▶ _EXERCISE REQUIREMENTS_
Exactly as they appear, transcribe the entries and skip any pictures.

+++ DATASET CONTENT

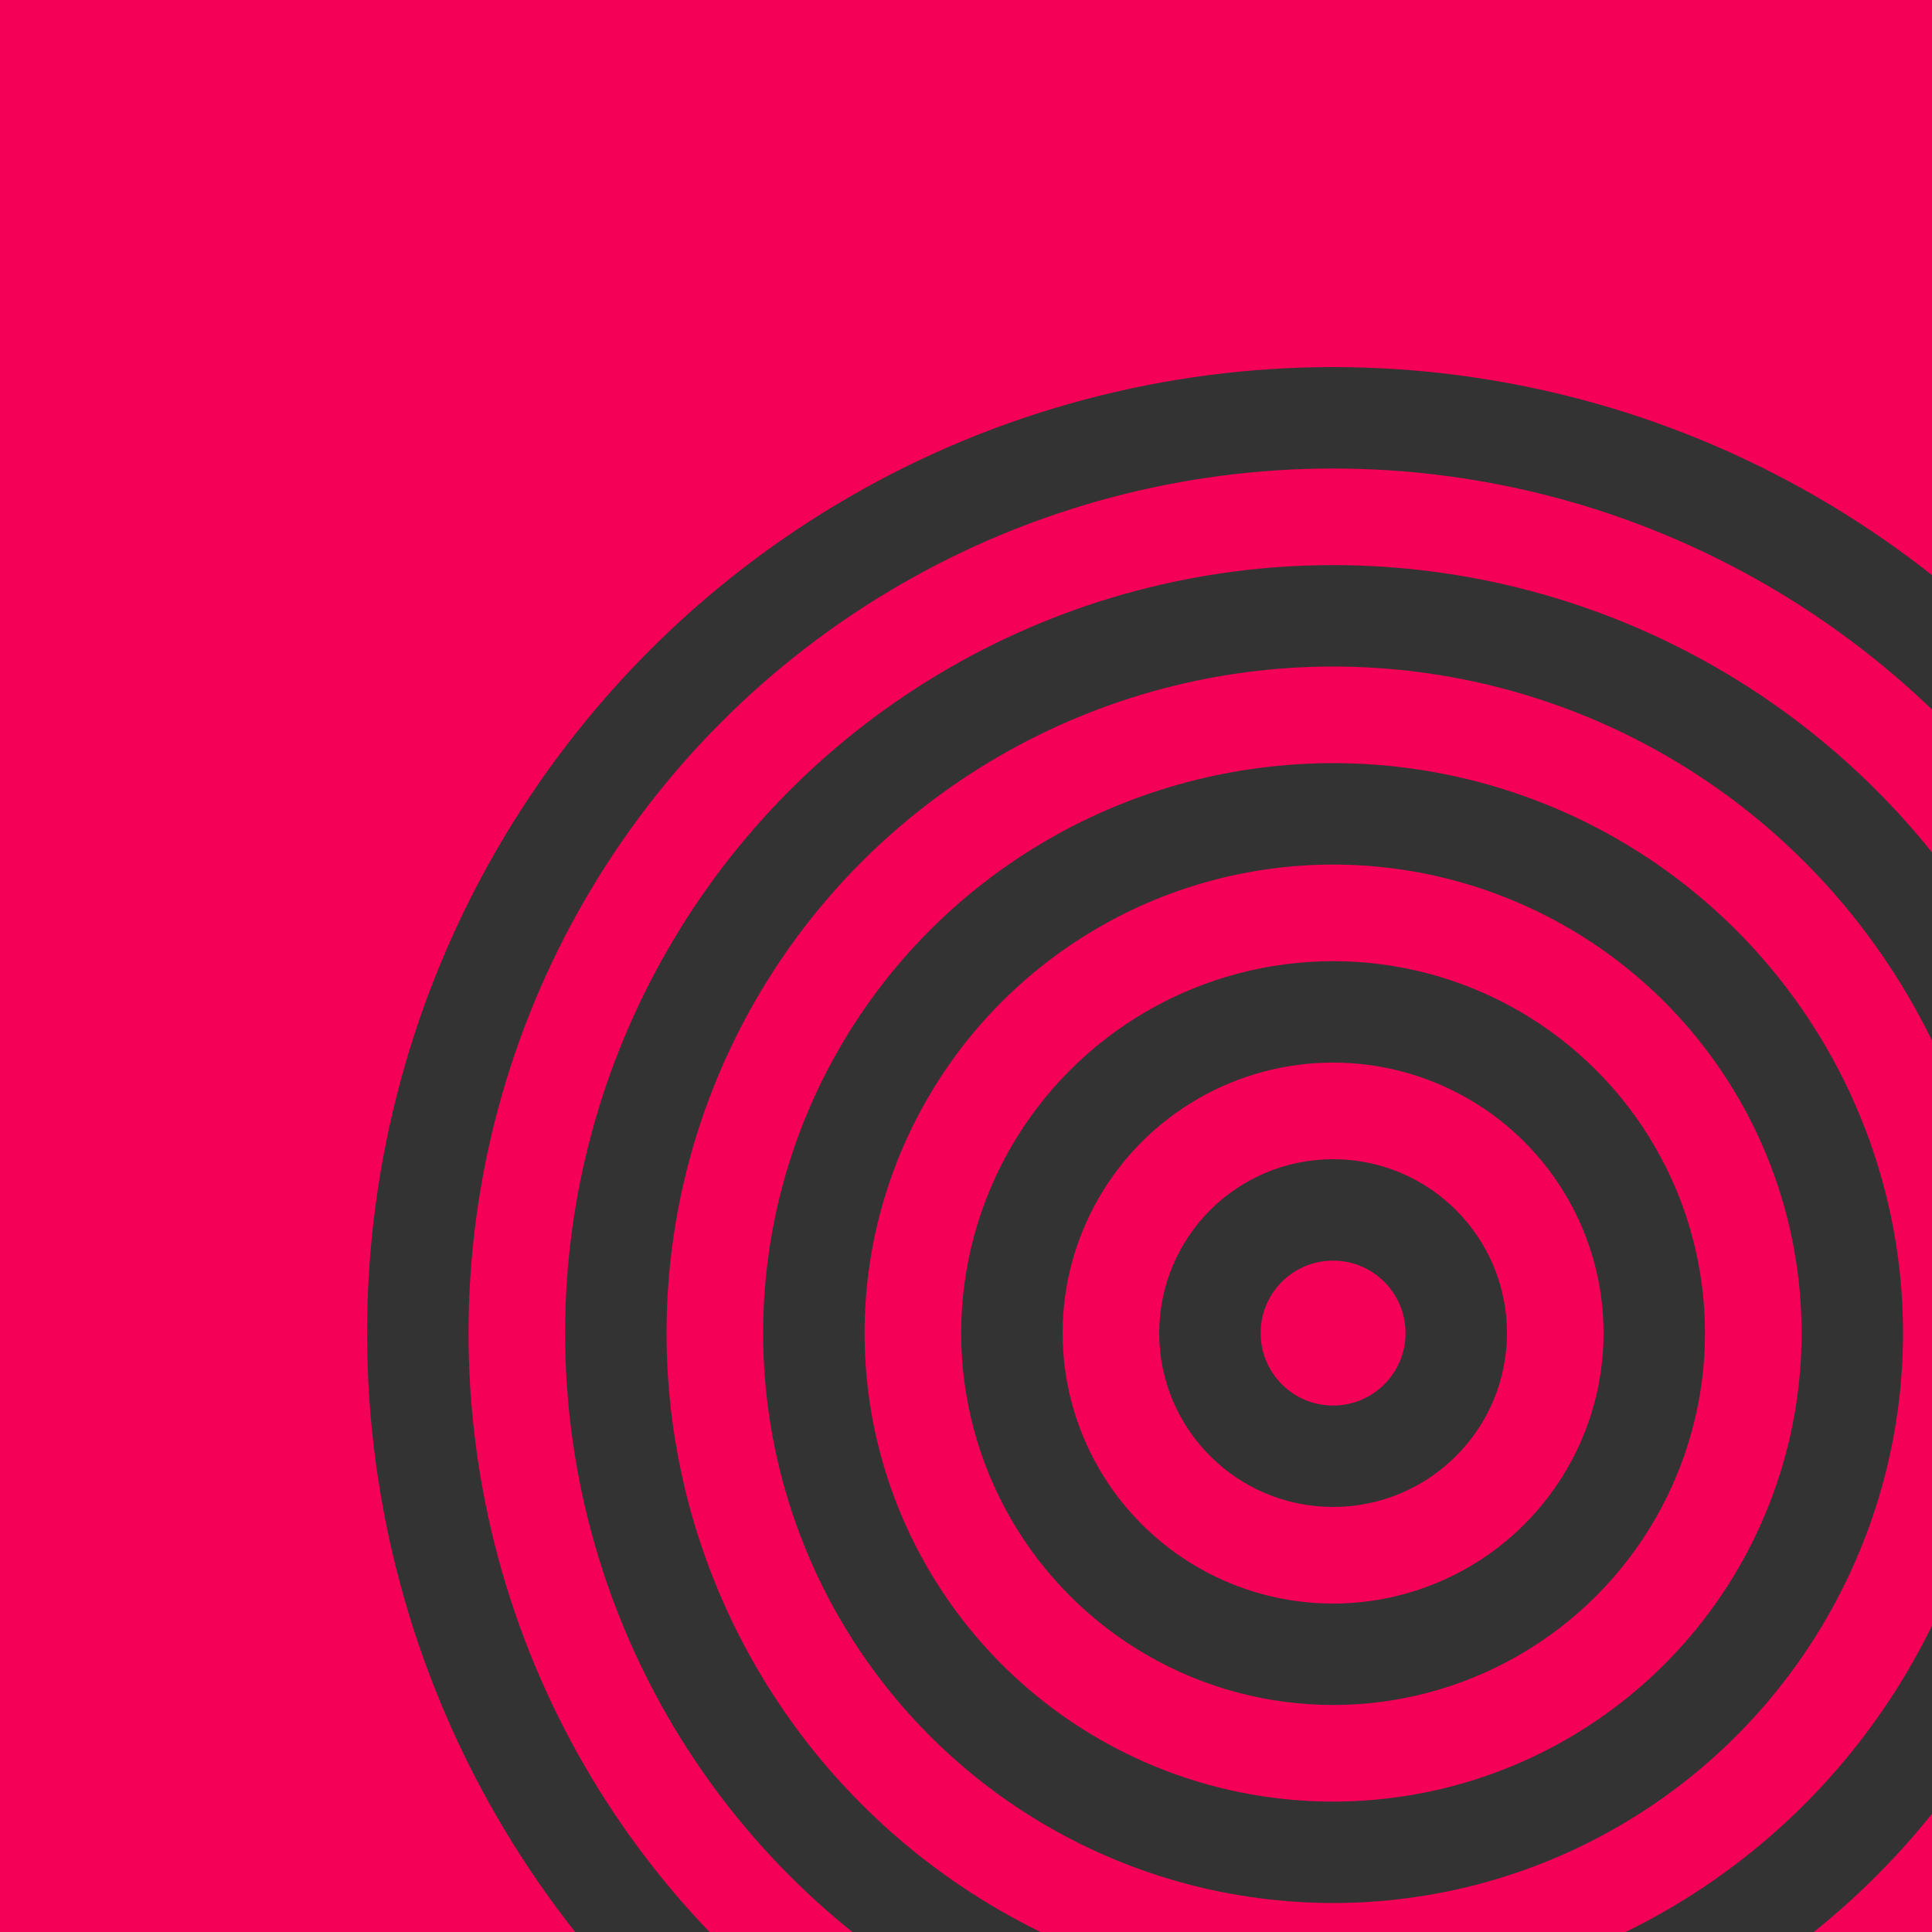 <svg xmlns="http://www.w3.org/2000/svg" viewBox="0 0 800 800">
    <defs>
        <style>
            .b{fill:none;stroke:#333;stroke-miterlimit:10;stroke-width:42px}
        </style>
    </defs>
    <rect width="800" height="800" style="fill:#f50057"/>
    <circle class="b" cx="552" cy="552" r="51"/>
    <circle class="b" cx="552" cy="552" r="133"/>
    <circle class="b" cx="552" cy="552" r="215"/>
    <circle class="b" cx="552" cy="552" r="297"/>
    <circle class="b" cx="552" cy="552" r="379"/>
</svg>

++++++

▶ _FINISHED EXERCISE_
 <svg xmlns="http://www.w3.org/2000/svg" viewBox="0 0 800 800">
    <defs>
        <style>
            .b{fill:none;stroke:#333;stroke-miterlimit:10;stroke-width:42px}
        </style>
    </defs>
    <rect width="800" height="800" style="fill:#f50057"/>
    <circle class="b" cx="552" cy="552" r="51"/>
    <circle class="b" cx="552" cy="552" r="133"/>
    <circle class="b" cx="552" cy="552" r="215"/>
    <circle class="b" cx="552" cy="552" r="297"/>
    <circle class="b" cx="552" cy="552" r="379"/>
</svg>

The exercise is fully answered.